| What you are asked to do |
In the listing that follows, retype every line from the first through the one containing "རྩོད་པ་སྤང་བའོ། །དང་པོ་ནི། འགལ་རྟགས་ལ་དབྱེ་ན།". Pictures are to be left out.

Input for this task START

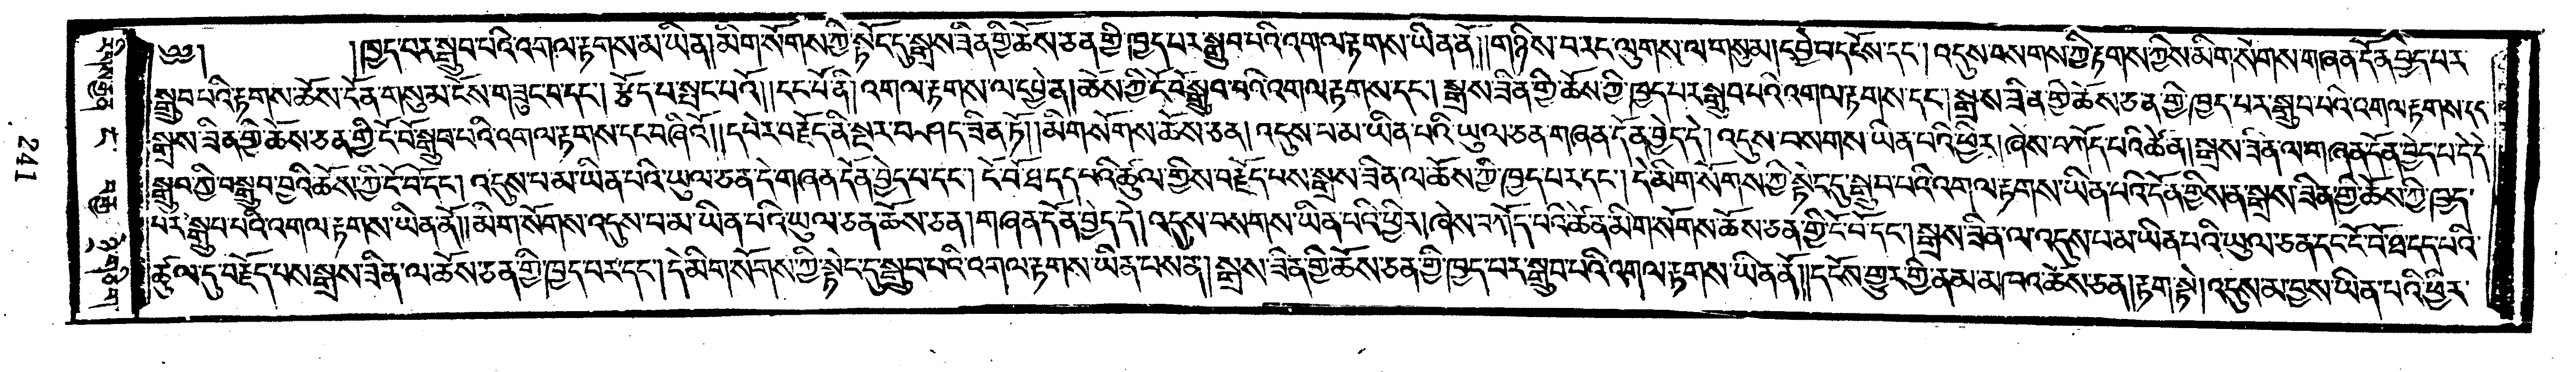༄༅། །ཁྱད་པར་སྒྲུབ་པའི་འགལ་རྟགས་མ་ཡིན། མིག་སོགས་ཀྱི་སྟེང་དུ་སྒྲས་ཟིན་གྱི་ཆོས་ཅན་གྱི་ཁྱད་པར་སྒྲུབ་པའི་འགལ་རྟགས་ཡིན་ནོ། །གཉིས་པ་རང་ལུགས་ལ་གསུམ། དབྱེ་བ་དངོས་དང་། འདུས་བསགས་ཀྱི་རྟགས་ཀྱིས་མིག་སོགས་གཞན་དོན་བྱེད་པར་
སྒྲུབ་པའི་རྟགས་ཆོས་དོན་གསུམ་ངོས་གཟུང་བ་དང་། རྩོད་པ་སྤང་བའོ། །དང་པོ་ནི། འགལ་རྟགས་ལ་དབྱེ་ན། ཆོས་ཀྱི་ངོ་བོ་སྒྲུབ་པའི་འགལ་རྟགས་དང་། སྒྲས་ཟིན་གྱི་ཆོས་ཀྱི་ཁྱད་པར་སྒྲུབ་པའི་འགལ་རྟགས་དང་། སྒྲས་ཟིན་གྱི་ཆོས་ཅན་གྱི་ཁྱད་པར་སྒྲུབ་པའི་འགལ་རྟགས་དང་།
སྒྲས་ཟིན་གྱི་ཆོས་ཅན་གྱི་ངོ་བོ་སྒྲུབ་པའི་འགལ་རྟགས་དང་བཞིའོ། །དཔེར་བརྗོད་ནི་སྔར་བཤད་ཟིན་ཏོ། །མིག་སོགས་ཆོས་ཅན། འདུས་པ་མ་ཡིན་པའི་ཡུལ་ཅན་གཞན་དོན་བྱེད་དེ། འདུས་བསགས་ཡིན་པའི་ཕྱིར། ཞེས་བཀོད་པའི་ཚེ་ན། སྒྲས་ཟིན་ལ་གཞན་དོན་བྱེད་པ་དེ་དེ་
སྒྲུབ་ཀྱི་བསྒྲུབ་བྱའི་ཆོས་ཀྱི་ངོ་བོ་དང་། འདུས་པ་མ་ཡིན་པའི་ཡུལ་ཅན་དེ་གཞན་དོན་བྱེད་པ་དང་། ངོ་བོ་ཐ་དད་པའི་ཚུལ་གྱིས་བརྗོད་པས་སྒྲས་ཟིན་ལ་ཆོས་ཀྱི་ཁྱད་པར་དང་། དེ་མིག་སོགས་ཀྱི་སྟེང་དུ་སྒྲུབ་པའི་འགལ་རྟགས་ཡིན་པའི་དོན་གྱིས་ན་སྒྲས་ཟིན་གྱི་ཆོས་ཀྱི་ཁྱད་
པར་སྒྲུབ་པའི་འགལ་རྟགས་ཡིན་ནོ། །མིག་སོགས་འདུས་པ་མ་ཡིན་པའི་ཡུལ་ཅན་ཆོས་ཅན། གཞན་དོན་བྱེད་དེ། འདུས་བསགས་ཡིན་པའི་ཕྱིར། ཞེས་བཀོད་པའི་ཚེ་ན་མིག་སོགས་ཆོས་ཅན་གྱི་ངོ་བོ་དང་། སྒྲས་ཟིན་ལ་འདུས་པ་མ་ཡིན་པའི་ཡུལ་ཅན་དང་ངོ་བོ་ཐ་དད་པའི་
ཚུལ་དུ་བརྗོད་པས་སྒྲས་ཟིན་ལ་ཆོས་ཅན་གྱི་ཁྱད་པར་དང་། དེ་མིག་སོགས་ཀྱི་སྟེང་དུ་སྒྲུབ་པའི་འགལ་རྟགས་ཡིན་པས་ན། སྒྲས་ཟིན་གྱི་ཆོས་ཅན་གྱི་ཁྱད་པར་སྒྲུབ་པའི་འགལ་རྟགས་ཡིན་ནོ། །དངོས་གྱུར་གྱི་ནམ་མཁའ་ཆོས་ཅན། རྟག་སྟེ། འདུས་མ་བྱས་ཡིན་པའི་ཕྱིར་
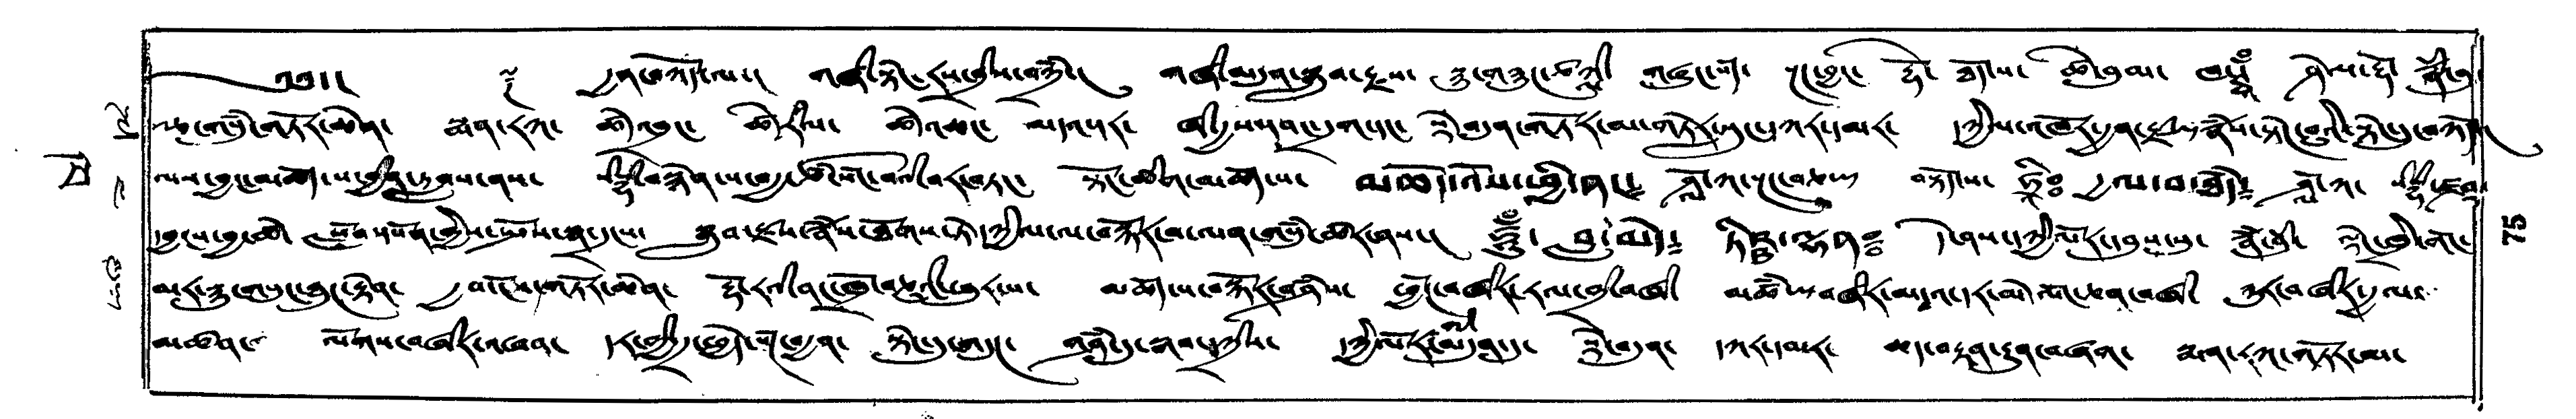རྒྱན་བཀོད་ལ། གཞི་སྟེང་རས་བྲིས་བཀྲམ། གཞི་མདུན་སྒྲུབ་རྫས། སྐུ་གཟུགས་ཙཀ་ལི། གཞུང་པོད། སྔགས་བྱང་། རྡོ་རྗེ། ཐོད་པ། ཚེ་བུམ། ཁཊྭྃ། ཤེལ་རྡོ། རྣམ་བཾ།
རྩ་གསུམ་གཏོར་ཆེན། སྨན་རཀ། ཚེ་འབྲང་། ཚེ་རིལ། ཚེ་འཆང་། མདའ་དར། ཞི་རྒྱས་དབང་དྲག་དང་སྡེ་བདུན་གཏོར་མ། གཏེར་སྲུང་དཀར་དམར། དཀྱིལ་འཁོར་རྒྱན་རྫས་རྣམས་སྟེགས་བུའི་སྟེང་དུ་བཀོད། 
ལས་བྱང་མཆོད་པ་བྱིན་རླབས་ནས། སིདྡྷིའི་བསྙེན་པ་བརྒྱ་རྩ་སོང་བའི་བར་བཏང་། སྟོང་ཚིག་མཆོད་པ། མཆོད་འོས་ཕྱི་ནང༴ ཤོ་ལོ་ཀ་སྔགས་བཅས། བསྟོད་པ། ཧྲཱིཿ རྒྱལ་བ་ཐམས་ཅད༴ ཤོ་ལོ་ཀ། སིདྡྷི་ཛཔ་
དབྱངས་བྱ་ཚེ། སློབ་དཔོན་གྱིས་སྤོས་སྣ་དྲངས། སྒྲུབ་རྫས་རྣམས་ཐོགས་ཏེ་དཀྱིལ་འཁོར་ལ་བསྐོར་བ་ལན་གསུམ་ཚར་ནས། ཧཱུྃ། བླ་མེད༴ ཏིཥྛ་ལྷན༔ དེ་ནས་དཀྱིལ་འཁོར་དབུས་སུ། རྣམ་བུམ། ལྡེང་ཁྲི་གོང་
མར་སྐུ་གསུང་ཐུགས་རྟེན། རྒྱབ་ངོས་གཏོར་ཆེན། རྡོ་རའི་ནང་ཁྲོ་བཅུའི་ཕུར་པ། མཆོད་པ་བསྐོར་བཤམས། ཕྱོགས་བཞིར་རལ་གྲི་བཞི། མཚམས་བཞིར་མདའ་དར་མེ་ལོང་ཅན་བཞི། སྐུར་བཞིར་རྒྱལ་
མཚན། ལོགས་བཞིར་འཕན། དར་གྱི་དྲ་ཕྱེད་སོགས་བརྒྱན། སྟེང་དུ་གདུགས། གཤམ་དུ་སྒབ་དཀྲིས། དཀྱིལ་འཁོར་་གྱི་མདུན་དུ། སྡེ་བདུན། དཀར་དམར། ཆད་བརྟན་རྒྱུན་བཞག སྨན་རཀ་གཏོར་མ་
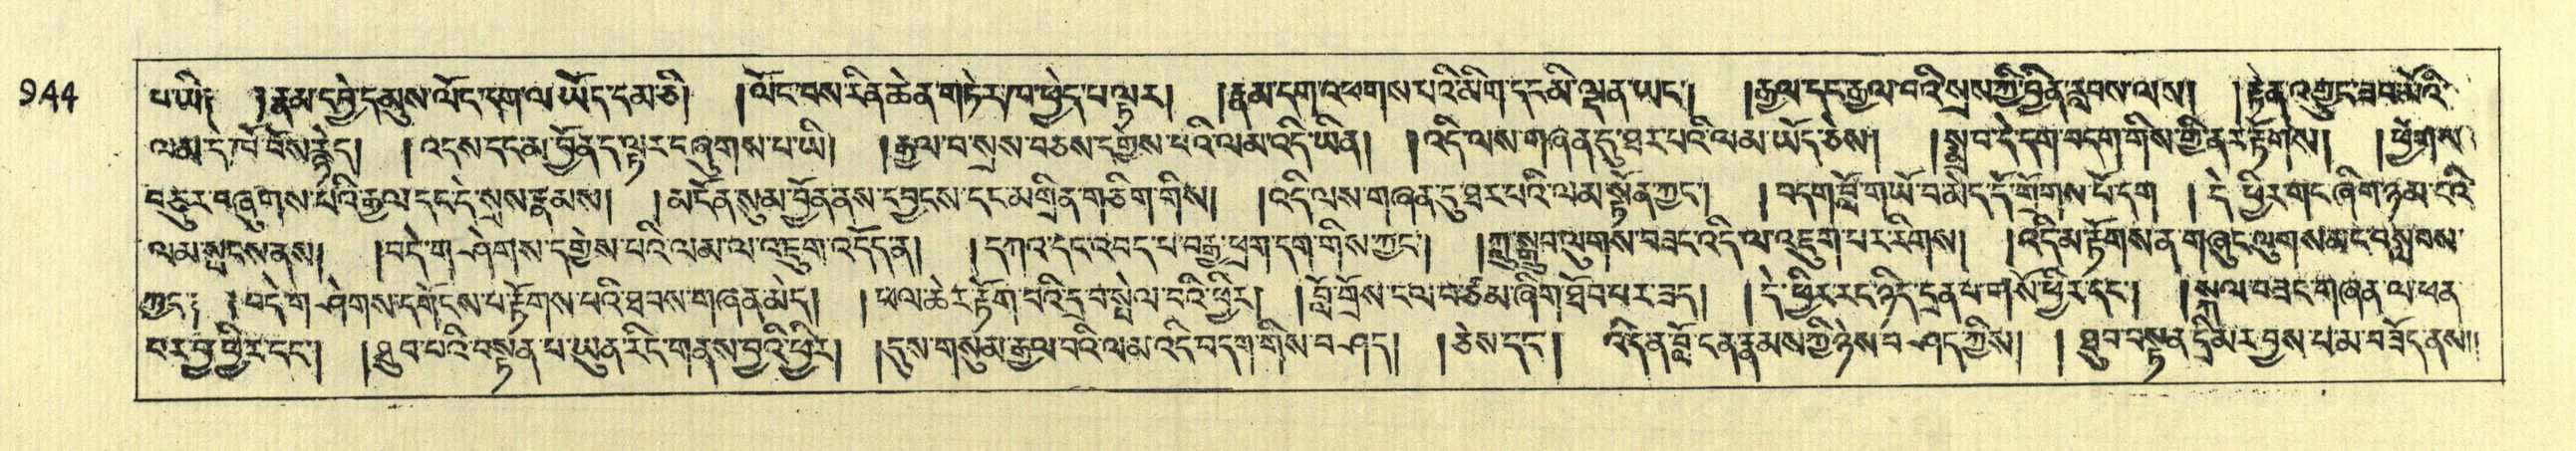པ་ཡི༑ །རྣམ་དབྱེད་མུས་ལོང་དག་ལ་ཡོད་དམ་ཅི། །ལོང་བས་རིན་ཆེན་གཏེར་ཁ་ཕྱེད་པ་ལྟར། །རྣམ་དག་འཕགས་པའི་མིག་དང་མི་ལྡན་ཡང་། །རྒྱལ་དང་རྒྱལ་བའི་སྲས་ཀྱི་བྱིན་རླབས་ལས། །རྟེན་འགྱུང་ཟབ་མོའི་
ལམ་དེ་ཁོ་བོས་རྙེད། །འདས་དང་མ་བྱོན་ད་ལྟར་བཞུགས་པ་ཡི། །རྒྱལ་བ་སྲས་བཅས་དགྱེས་པའི་ལམ་འདི་ཡིན། །འདི་ལས་གཞན་དུ་ཐར་པའི་ལམ་ཡོད་ཅེས། །སྨྲ་བ་དེ་དག་བདག་གིས་གྱི་ནར་རྟོགས། །ཕྱོགས་
བཅུར་བཞུགས་པའི་རྒྱལ་དང་དེ་སྲས་རྣམས། །མངོན་སུམ་བྱོན་ནས་དབྱངས་དང་མགྲིན་གཅིག་གིས། །འདི་ལས་གཞན་དུ་ཐར་པའི་ལམ་སྟོན་ཀྱང་། །བདག་བློ་གཡོ་བ་མེད་དོ་གྲོགས་པོ་དག །དེ་ཕྱིར་གང་ཞིག་ཉམ་ངའི་
ལམ་སྤངས་ནས། །བདེ་གཤེགས་དགྱེས་པའི་ལམ་ལ་འཇུག་འདོད་ན། །དཀའ་དང་འབད་པ་བརྒྱ་ཕྲག་དག་གིས་ཀྱང་། །ཀླུ་སྒྲུབ་ལུགས་བཟང་འདི་ལ་འཇུག་པར་རིགས། །འདི་མ་རྟོགས་ན་གཞུང་ལུགས་མང་བསླབས་
ཀྱང༑ ༑བདེ་གཤེགས་དགོངས་པ་རྟོགས་པའི་ཐབས་གཞན་མེད། །ཕལ་ཆེར་རྟོག་པའི་དྲ་བ་སྤེལ་བའི་ཕྱིར། །བློ་གྲོས་ངལ་བ་ཙམ་ཞིག་ཐོབ་པར་ཟད། །དེ་ཕྱིར་རང་ཉིད་དྲན་པ་གསོ་ཕྱིར་དང་། །སྐལ་བཟང་གཞན་ལ་ཕན་
བར་བྱ་ཕྱིར་དང་། །ཐུབ་པའི་བསྟན་པ་ཡུན་རིང་གནས་བྱའི་ཕྱིར། །དུས་གསུམ་རྒྱལ་བའི་ལམ་འདི་བདག་གིས་བཤད། །ཅེས་དང་། འདི་ན་བློ་ངན་རྣམས་ཀྱི་ཉེས་བཤད་ཀྱིས། །ཐུབ་བསྟན་དྲི་མར་བྱས་པ་མ་བཟོད་ནས། །
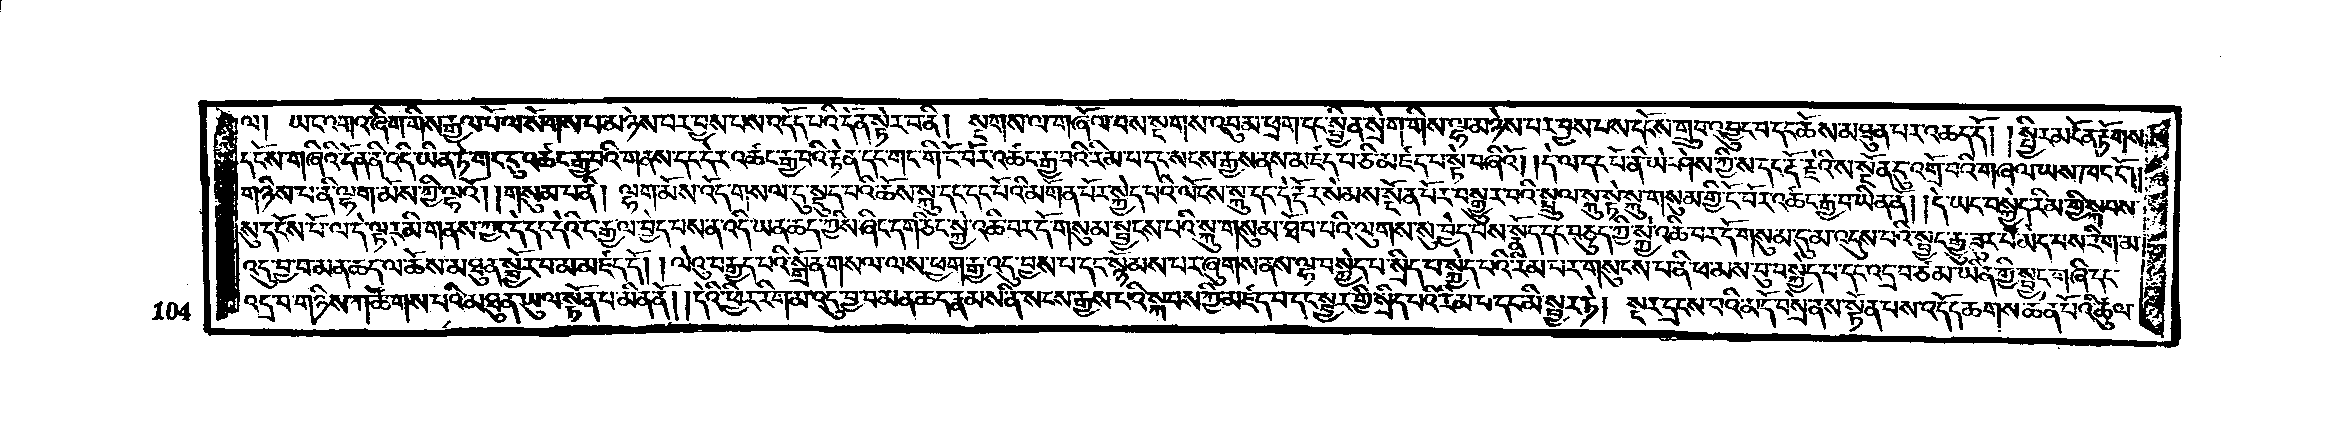ལ། ཡང་འགའ་ཞིག་གིས་རྒྱལ་པོ་ལ་སོགས་པ་མཉེས་པར་བྱས་པས་འདོད་པའི་དོན་སྟེར་བ་ནི། སྔགས་ལ་གཞོལ་བས་སྔགས་འབུམ་ཕྲག་དང་སྦྱིན་སྲེག་གིས་ལྷ་མཉེས་པར་བྱས་པས་དངོས་གྲུབ་འབྱུང་བ་དང་ཆོས་མཐུན་པར་འཆད་དོ། །སྤྱིར་མངོན་རྟོགས་
དངོས་གཞིའི་དོན་ནི་འདི་ཡིན་ཏེ་གང་དུ་འཚང་རྒྱ་བའི་གནས་དང་དེར་འཚང་རྒྱ་བའི་རྟེན་དང་གང་གི་ངོ་བོར་འཚང་རྒྱ་བའི་རིམ་པ་དང་སངས་རྒྱས་ནས་མཛད་པ་ཅི་མཛད་པ་སྟེ་བཞིའོ། །དེ་ལ་དང་པོ་ནི་ཡེ་ཤེས་ཀྱི་ས་དང་རྡོ་རྗེའི་ས་སྔོན་དུ་འགྲོ་བའི་གཞལ་ཡས་ཁང་ངོ། །
གཉིས་པ་ནི་ལྷག་མོས་ཀྱི་ལྷའོ། །གསུམ་པ་ནི། ལྷག་མོས་འོད་གསལ་དུ་སྡུད་པའི་ཆོས་སྐུ་དང་དང་པོའི་མགོན་པོར་སྐྱེད་པའི་ལོངས་སྐུ་དང་དེ་རྡོར་སེམས་སྔོན་པོར་བསྒྱུར་བའི་སྤྲུལ་སྐུ་སྟེ་སྐུ་གསུམ་གྱི་ངོ་བོར་འཚང་རྒྱ་བ་ཡིན་ནོ། །དེ་ཡང་བསྐྱེད་རིམ་གྱི་སྐབས་
སུ་དངོས་པོ་ལ་དེ་ལྟར་མི་གནས་ཀྱང་དེ་དང་དེའི་ང་རྒྱལ་བྱེད་པས་ན་འདི་ཡན་ཆད་ཀྱིས་ཞིང་དག་ཅིང་སྐྱེ་འཆི་བར་དོ་གསུམ་སྦྱངས་པའི་སྐུ་གསུམ་ཐོབ་པའི་ལུགས་སུ་བྱེད་པས་སྣོད་དང་བཅུད་ཀྱི་སྐྱེ་འཆི་བར་དོ་གསུམ་དུ་མ་འདུས་པའི་སྦྱང་རྒྱུ་ཟུར་པ་མེད་པས་རིག་མ་
འདུ་བྱ་བ་མན་ཆད་ལ་ཆོས་མཐུན་སྦྱོར་བ་མ་མཛད་དོ། །ལེའུ་བརྒྱད་པའི་སྒྲོན་གསལ་ལས་ཕྱག་རྒྱ་འདུ་བྱས་པ་དང་སྙོམས་པར་ཞུགས་ནས་ལྷ་བསྐྱེད་པ་སྲིད་པ་སྐྱེད་པའི་རིམ་པར་གསུངས་པ་ནི་ཕ་མས་བུ་བསྐྱེད་པ་དང་འདྲ་བ་ཙམ་ཡིན་གྱི་སྦྱང་གཞི་དང་
འདྲ་བ་གཉིས་ཀ་ཚོགས་པའི་མཐུན་ཡུལ་སྟོན་པ་མིན་ནོ། །དེའི་ཕྱིར་རིག་མ་འདུ་བྱ་བ་མན་ཆད་རྣམས་ནི་སངས་རྒྱས་པའི་སྐབས་ཀྱི་མཛད་པ་དང་སྦྱར་གྱི་སྲིད་པའི་རིམ་པ་དང་མི་སྦྱར་ཏེ། སྔར་དྲངས་པའི་མདོ་བསྲེ་ནས་སྟོན་པས་འདོད་ཆགས་ཆེན་པོའི་ཚུལ་

Input for this task END

| Task solution |
༄༅། །ཁྱད་པར་སྒྲུབ་པའི་འགལ་རྟགས་མ་ཡིན། མིག་སོགས་ཀྱི་སྟེང་དུ་སྒྲས་ཟིན་གྱི་ཆོས་ཅན་གྱི་ཁྱད་པར་སྒྲུབ་པའི་འགལ་རྟགས་ཡིན་ནོ། །གཉིས་པ་རང་ལུགས་ལ་གསུམ། དབྱེ་བ་དངོས་དང་། འདུས་བསགས་ཀྱི་རྟགས་ཀྱིས་མིག་སོགས་གཞན་དོན་བྱེད་པར་
སྒྲུབ་པའི་རྟགས་ཆོས་དོན་གསུམ་ངོས་གཟུང་བ་དང་། རྩོད་པ་སྤང་བའོ། །དང་པོ་ནི། འགལ་རྟགས་ལ་དབྱེ་ན། ཆོས་ཀྱི་ངོ་བོ་སྒྲུབ་པའི་འགལ་རྟགས་དང་། སྒྲས་ཟིན་གྱི་ཆོས་ཀྱི་ཁྱད་པར་སྒྲུབ་པའི་འགལ་རྟགས་དང་། སྒྲས་ཟིན་གྱི་ཆོས་ཅན་གྱི་ཁྱད་པར་སྒྲུབ་པའི་འགལ་རྟགས་དང་།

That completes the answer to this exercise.